Creative campaign tackles water wastage

Article image - Creative campaign tackles water wastage

A creative promotional campaign and accompanying app developed by Cairns Regional Council is curbing water usage in the region.

Tropical plants and flowers are breaking into song to educate Cairns residents about outdoor water use.

The ‘Thrive’ advertising campaign was rolled out last month as part of Cairns Regional Council’s strategy to reduce water demand.

The television commercials feature ‘Ginger’ and her back-up singers belting out a rendition of the Gloria Gaynor hit ‘I Will Survive’, spreading the message that plants can thrive “in the wet and in the dry” without excessive watering.

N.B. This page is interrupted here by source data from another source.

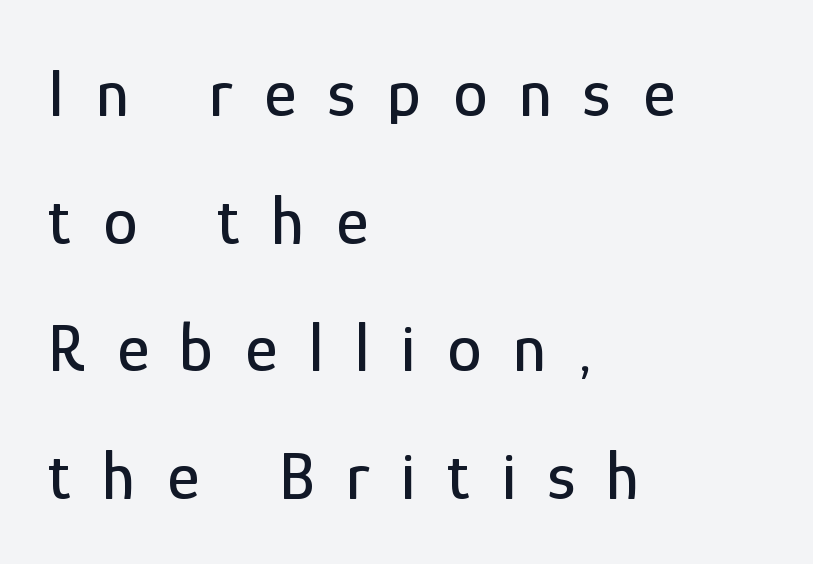
Is the letter spacing exaggerated? Yes — the characters are pushed far apart. Posture: vertical. Looks like regular typesetting: each glyph gets only the width it needs. Alignment: flush left. Nobody drew a line under any word here.
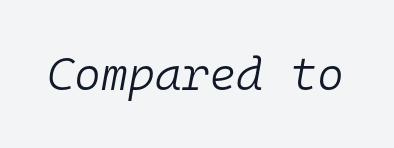
The letters look calm and open, with moderate or lighter stems. The rendering applies a slant to the glyphs. This sample has the even, mechanical cadence of fixed-width lettering. Does extra space separate the letters? No, they use regular spacing. Clear beneath every line of the passage.
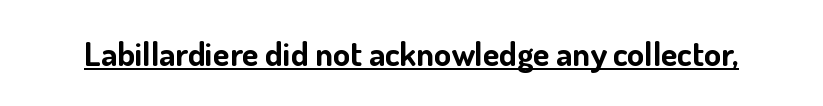
{"serif": "no", "italic": "no", "bold": "yes", "weight": "bold", "width": "normal", "stroke_contrast": "low", "x_height": "small", "monospaced": "no", "underline": "yes", "letter_spacing": "normal", "letter_spacing_em": 0.0, "glyph_px": 34}
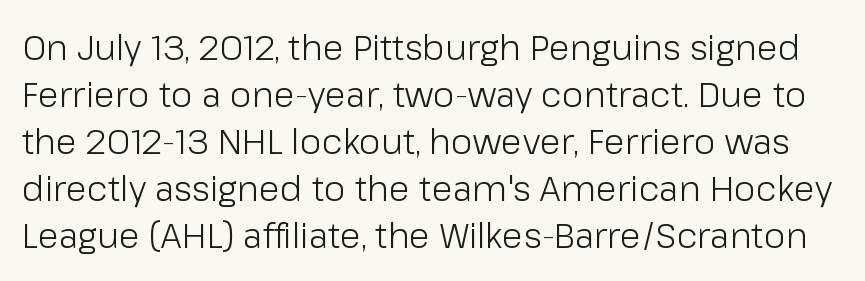
{"serif": "no", "italic": "no", "bold": "no", "weight": "light", "width": "normal", "stroke_contrast": "low", "x_height": "medium", "monospaced": "no", "underline": "no", "line_spacing": "normal", "line_spacing_ratio": 1.34, "letter_spacing": "normal", "letter_spacing_em": 0.0, "glyph_px": 35}

The commercials have been accompanied by print ads, bus displays, billboards and social media content.

Cairns Mayor Bob Manning said ‘Thrive’ followed on from the successful ‘Green Sponge’ campaign and would be backed up by an informative website and mobile app.

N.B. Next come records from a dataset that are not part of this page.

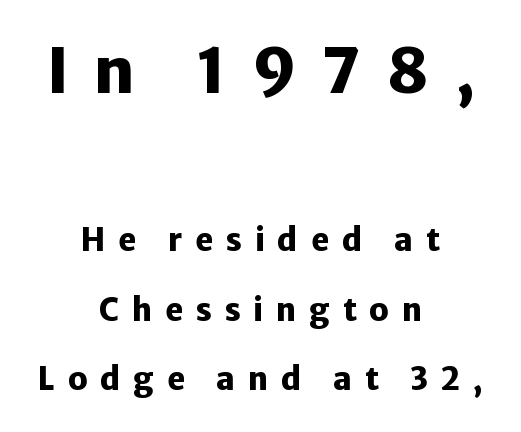
Q: Is the text bold? A: Yes.
Q: Is the text italic (slanted)? A: No, it is upright.
Q: Is the typeface a serif or a sans-serif typeface? A: Sans-serif.
Q: Is the text underlined? A: No.
Q: How is the paragraph aligned? A: Centered.
Q: Is the spacing between letters normal or unusually wide? A: Unusually wide.
Q: Is the spacing between lines tight, normal or loose? A: Loose.
Q: Which block of text is set in a larger size, the first (top) or the second (bottom)? A: The first (top) one.
Q: Width (condensed, normal, or wide)? A: Normal.
Q: Stroke contrast? A: Low.
Q: x-height? A: Medium.
Q: Monospaced? A: No.
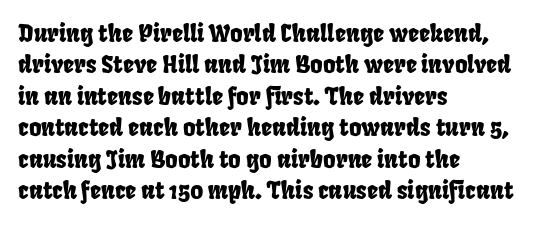
Observe the ordinary spacing: letters are neighbours, not strangers. The string is rendered with underlining switched off. Normally led — the rows are evenly, conventionally spaced. The rendering anchors every line to the left-hand side.
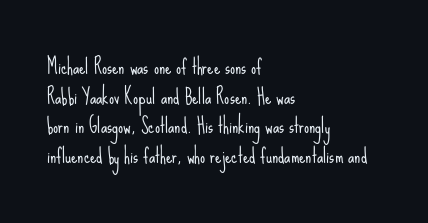
Compared with a typical body face, this is equally light or lighter still. The line texture is even and compact thanks to regular tracking. The space directly below the letters is spotless. Nope, not italic — everything's standing straight.

“The previous campaign has been running for a decade and a lot has changed in that time,” said the Mayor. “The Thrive campaign specifically targets water use in the garden, as that is where a lot of water wastage occurs.

“People often underestimate just how resilient native plants, in particular, are to the changing seasons. In most cases, they need less watering than you would think.

“The mobile app will help people work out how much water their garden really needs and to choose plants that are less reliant on watering.”

The campaign stems from the recommendations of the Cairns Water Security Advisory Group, which was formed in 2014 to investigate options for increased water supply and better water management.
The group provided a series of recommendations based on short, medium and long-term actions, including the implementation of a Water Demand Strategy.

“On average, Cairns’ daily water consumption is nearly 420 litres per person,” Cr Manning said.

“We are aiming to reduce that by 10 percent over 10 years.
“In order to achieve this, we are working with commercial premises to reduce their water consumption and we’re auditing our own infrastructure to identify leaks and wastage, as well as taking the ‘Thrive’ message to households.”

A leak detection program earlier this year assessed more than 700kms of water mains and located 95 leaks in Council infrastructure and a further 67 leaks on private property.

“Council was able to act immediately to make repairs and we estimate that this will save about 90 megalitres of water over the course of a year.”

The rollout of a smart meter pilot program next year will further assist in identifying leaks and will allow residents to better monitor their water use.

“There are little things that all of us can do every day to reduce water wastage; if we can accurately track our water usage, we’re likely to be more thoughtful about how much we use.”